PFStorer: Personalized Face Restoration and Super-Resolution
Tuomas Varanka, Tapani Toivonen, Soumya Tripathy, Guoying Zhao, Erman Acar
TL;DR
PFStorer presents a principled approach to personalized face restoration by injecting identity-specific priors into a strong base diffusion restoration model through trainable adapters. It preserves base priors with a learnable gamma balance and employs a generative regularizer to prevent identity leakage from low-quality inputs, enabling faithful, high-fidelity restoration across multiple identities and degradations. The method adopts an alignment-free training pipeline and synthetic noise modeling to simulate real-world conditions, achieving superior identity preservation in both quantitative metrics and a user study.

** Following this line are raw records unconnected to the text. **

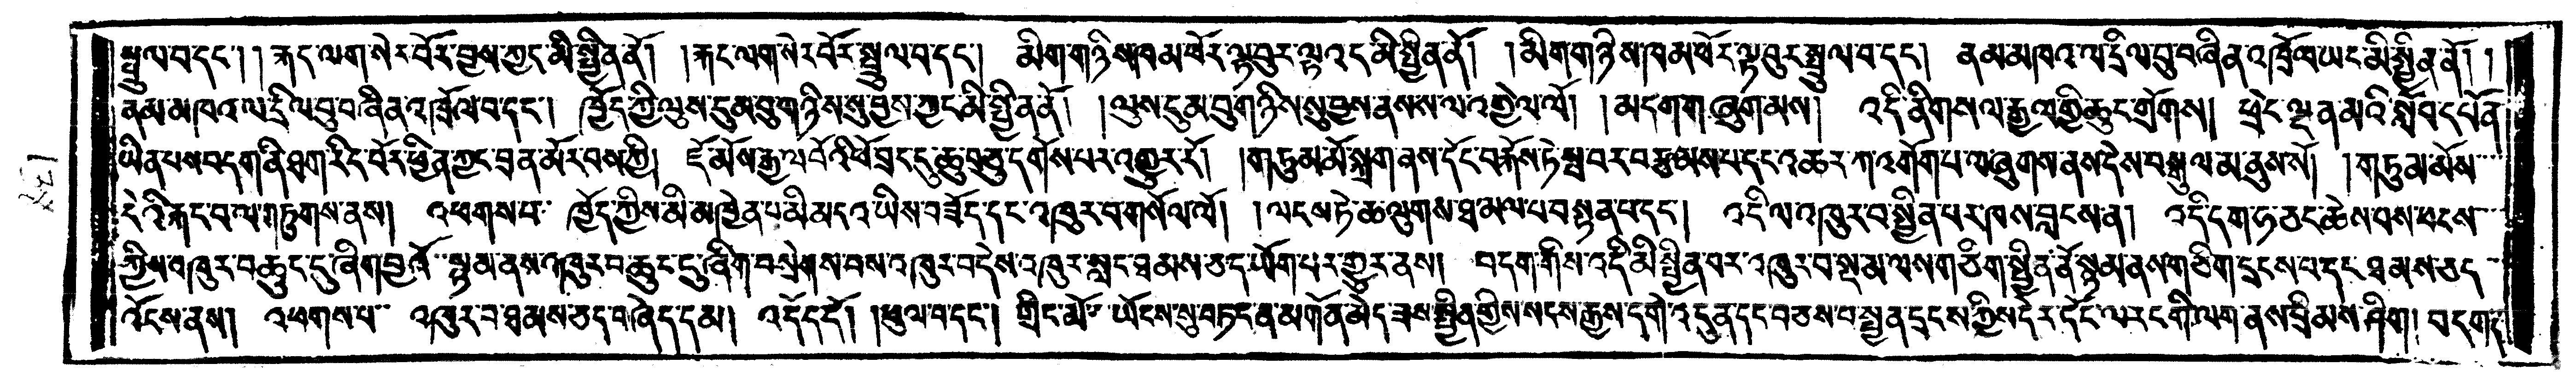སྤྲུལ་བ་དང་། །རྐད་ལག་སེར་བོར་བྱས་ཀྱང་མི་སྦྱིན་ནོ། །རྐང་ལག་སེར་བོར་སྤྲུལ་བ་དང་། མིག་གཉིས་ཁམ་ཕོར་ལྟ་བུར་ལྟའང་མི་སྤྱིན་ནོ། །མིག་གཉིས་ཁམ་ཕོར་ལྟ་བུར་སྤྲུལ་བ་དང་། ནམ་མཁའ་ལ་དྲིལ་བུ་བཞིན་འཁྲོལ་ཡང་མི་སྦྱིན་ནོ། །
ནམ་མཁའ་ལ་དྲིལ་བུ་བཞིན་འཁྲོལ་བ་དང་། ཁྱོད་ཀྱི་ལུས་དུམ་བུ་གཉིས་སུ་བྱས་ཀྱང་མི་སྦྱིན་ནོ། །ལུས་དུམ་བུ་གཉིས་སུ་བྱས་ནས་ས་ལ་འགྱེལ་ལོ། །མདག་གཞུག་མས། འདི་ནི་གསལ་རྒྱལ་གྱི་ཆུང་གྲོགས། ཕེང་ལྡན་མའི་སློབ་དཔོན་
ཡིན་པས་བདག་ནི་ཐག་རིང་བོར་ཕྱིན་ཀྱང་བྲན་མོར་བས་ཀྱི། ཇོ་མོས་རྒྱལ་བོའི་ཕོ་བྲང་དུ་ཆུ་བཅུ་དགོས་པར་འགྱུར་རོ། །གཏུམ་མོ་སྐྲག་ནས་དོང་བརྐོས་ཏེ་སྤ་བར་བརྩམས་པ་དང་འཆར་ཀ་འགོག་པ་ལ་ཞུགས་ནས་དེས་བསྒྲུལ་མ་ནུས་སོ། །གཏུམ་མོས་
དེའི་རྐང་བ་ལ་གཏུགས་ནས། འཕགས་པ༑ ཁྱོད་ཀྱིས་མི་མཁྱེན་པ་མི་མངའ་ཡིས་བཟོད་དང་འཁུར་བ་གསོལ་ལོ། །ལངས་ཏེ་ཆ་ལུགས་ཐ་མལ་པ་བསྟན་པ་དང་། འདི་ལ་འཁུར་བ་སྤྱིན་པར་ཁས་བླངས་ན། འདི་དག་ཧ་ཅང་ཆེས་བས་ཕངས་
ཀྱིས་འཁུར་བ་ཆུང་དུ་ཞིག་བྱའོ་སྙམ་ནས་འཁུར་བ་ཆུང་དུ་ཞིག་བསྲེགས་པས་འཁུར་བདེས་འཁུར་སླང་ཐམས་ཅད་ཡོག་པར་གྱུར་ནས། བདག་གིས་འདི་མི་སྦྱིན་པར་འཁུར་བ་སྔ་མ་ལས་གཅིག་སྤྱིན་ནོ་སྙམ་ནས་གཅིག་དྲངས་པ་དང་ཐམས་ཅད་
འོངས་ནས། འཕགས་པ་འཁུར་བ་ཐམས་ཅད་བཞེད་དམ། འདོད་དོ། །ཕུལ་བ་དང་། གྲིང་མོ༑ ཡོངས་སུ་བཏང་ན་མགོན་མེད་ཟས་སྤྱིན་གྱིས་སངས་རྒྱས་དགེ་འདུན་དང་བཅས་པ་སྤྱན་དྲངས་ཀྱིས་དེར་དོང་ལ་རང་གི་ལག་ནས་བྲིམས་ཤིག། བདག༑
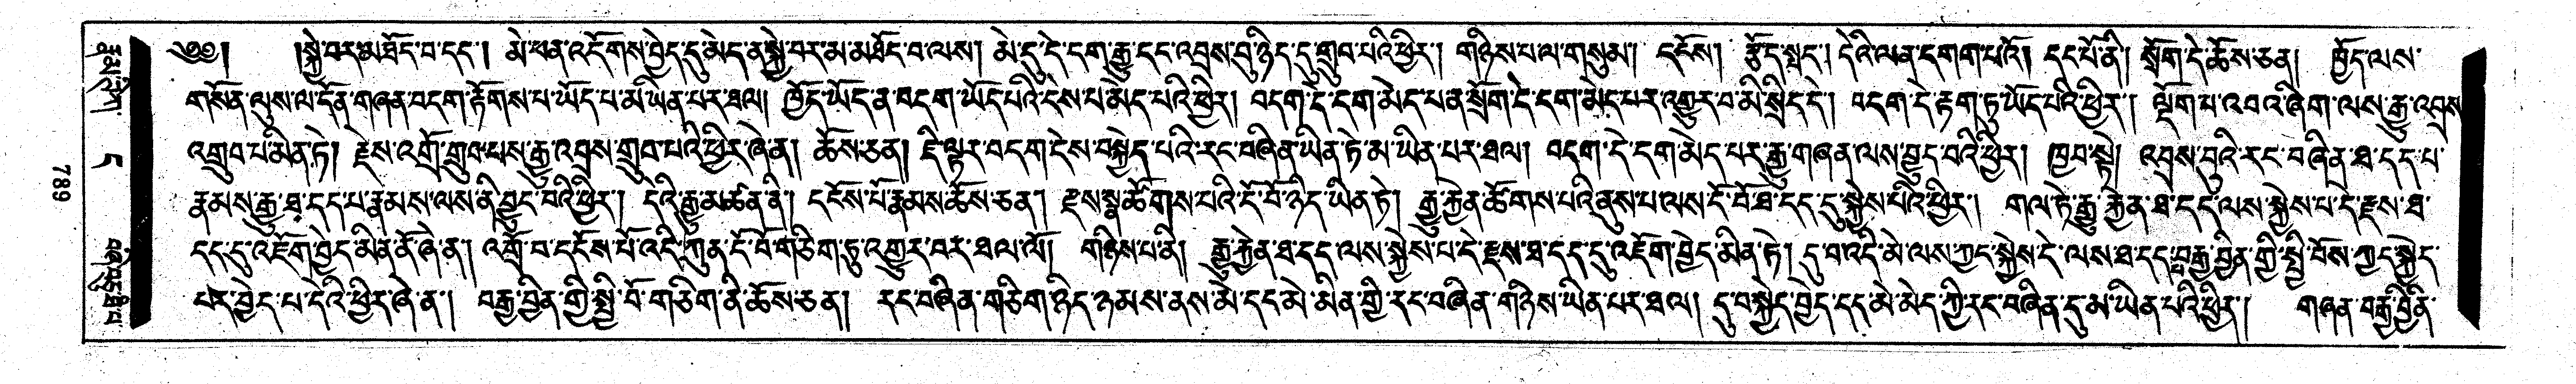༄༅། །སྐྱེ་བར་མཐོང་བ་དང་། མེ་ཕན་འདོགས་བྱེད་དུ་མེད་ན་སྐྱེ་བར་མ་མཐོང་བ་ལས། མེ་དུ་དེ་དག་རྒྱུ་དང་འབྲས་བུ་ཉིད་དུ་གྲུབ་པའི་ཕྱིར། གཉིས་པ་ལ་གསུམ། དངོས། རྩོད་སྤངས། དེའི་ལན་དགག་པའོ། དང་པོ་ནི། སྲོག་དེ་ཆོས་ཅན། ཁྱོད་ལས་
གསོན་ལུས་ལ་དོན་གཞན་བདག་རྟོགས་པ་ཡོད་པ་མ་ཡིན་པར་ཐལ། ཁྱོད་ཡོད་ན་བདག་ཡོད་པའི་ངེས་པ་མེད་པའི་ཕྱིར། བདག་དེ་དག་མེད་པ་ན་སྲོག་དེ་དག་མེད་པར་འགྱུར་བ་མི་སྲིད་དེ། བདག་དེ་རྟག་ཏུ་ཡོད་པའི་ཕྱིར། ལྡོག་པ་འབའ་ཞིག་ལས་རྒྱུ་འབྲས་
འགྲུབ་པ་མིན་ཏེ། རྗེས་འགྲོ་གྲུབ་པས་རྒྱུ་འབྲས་གྲུབ་པའི་ཕྱིར་ཞེ་ན། ཆོས་ཅན། ཇི་ལྟར་བདག་དེས་བསྐྱེད་པའི་རང་བཞིན་ཡིན་ཏེ་མ་ཡིན་པར་ཐལ། བདག་དེ་དག་མེད་པར་རྒྱུ་གཞན་ལས་བྱུང་བའི་ཕྱིར། ཁྱབ་སྟེ། འབྲས་བུའི་རང་བཞིན་ཐ་དད་པ་
རྣམས་རྒྱུ་ཐ་དད་པ་རྣམས་ལས་ནི་བྱུང་བའི་ཕྱིར། དེའི་རྒྱུ་མཚན་ནི། དངོས་པོ་རྣམས་ཆོས་ཅན། རྫས་སྣ་ཚོགས་པའི་ངོ་བོ་ཉིད་ཡིན་ཏེ། རྒྱུ་རྐྱེན་ཚོགས་པའི་ནུས་པ་ལས་ངོ་བོ་ཐ་དད་དུ་སྐྱེས་པའི་ཕྱིར། གལ་ཏེ་རྒྱུ་རྐྱེན་ཐ་དད་ལས་སྐྱེས་པ་དེ་རྫས་ཐ་
དད་དུ་འཇོག་བྱེད་མིན་ནོ་ཞེ་ན། འགྲོ་བ་དངོས་པོ་འདི་ཀུན་ངོ་བོ་གཅིག་ཏུ་འགྱུར་བར་ཐལ་ལོ། གཉིས་པ་ནི། རྒྱུ་རྐྱེན་ཐ་དད་ལས་སྐྱེས་པ་དེ་རྫས་ཐ་དད་དུ་འཇོག་བྱེད་མིན་ཏེ། དུ་བ་འདི་མེ་ལས་ཀྱང་སྐྱེས་དེ་ལས་ཐ་དད་པ་བརྒྱ་བྱིན་གྱི་སྤྱི་བོས་ཀྱང་སྐྱེད་
པར་བྱེད་པ་དེའི་ཕྱིར་ཞེ་ན། བརྒྱ་བྱིན་གྱི་སྤྱི་བོ་གཅིག་ནི་ཆོས་ཅན། རང་བཞིན་གཅིག་ཉིད་ཉམས་ནས་མེ་དང་མེ་མིན་གྱི་རང་བཞིན་གཉིས་ཡིན་པར་ཐལ། དུ་བསྐྱེད་བྱེད་དད་མེ་མེད་ཀྱི་རང་བཞིན་དུ་མ་ཡིན་པའི་ཕྱིར། གཞན་བརྒྱ་བྱི་ནི་

The work demonstrates practical impact for identity-faithful restoration in real-world imagery, while acknowledging limitations related to reference-image bias, computational cost, and diffusion-model artifacts.
Abstract
Recent developments in face restoration have achieved remarkable results in producing high-quality and lifelike outputs. The stunning results however often fail to be faithful with respect to the identity of the person as the models lack necessary context. In this paper, we explore the potential of personalized face restoration with diffusion models. In our approach a restoration model is personalized using a few images of the identity, leading to tailored restoration with respect to the identity while retaining fine-grained details. By using independent trainable blocks for personalization, the rich prior of a base restoration model can be exploited to its fullest. To avoid the model relying on parts of identity left in the conditioning low-quality images, a generative regularizer is employed. With a learnable parameter, the model learns to balance between the details generated based on the input image and the degree of personalization. Moreover, we improve the training pipeline of face restoration models to enable an alignment-free approach. We showcase the robust capabilities of our approach in several real-world scenarios with multiple identities, demonstrating our method's ability to generate fine-grained details with faithful restoration. In the user study we evaluate the perceptual quality and faithfulness of the genereated details, with our method being voted best 61% of the time compared to the second best with 25% of the votes.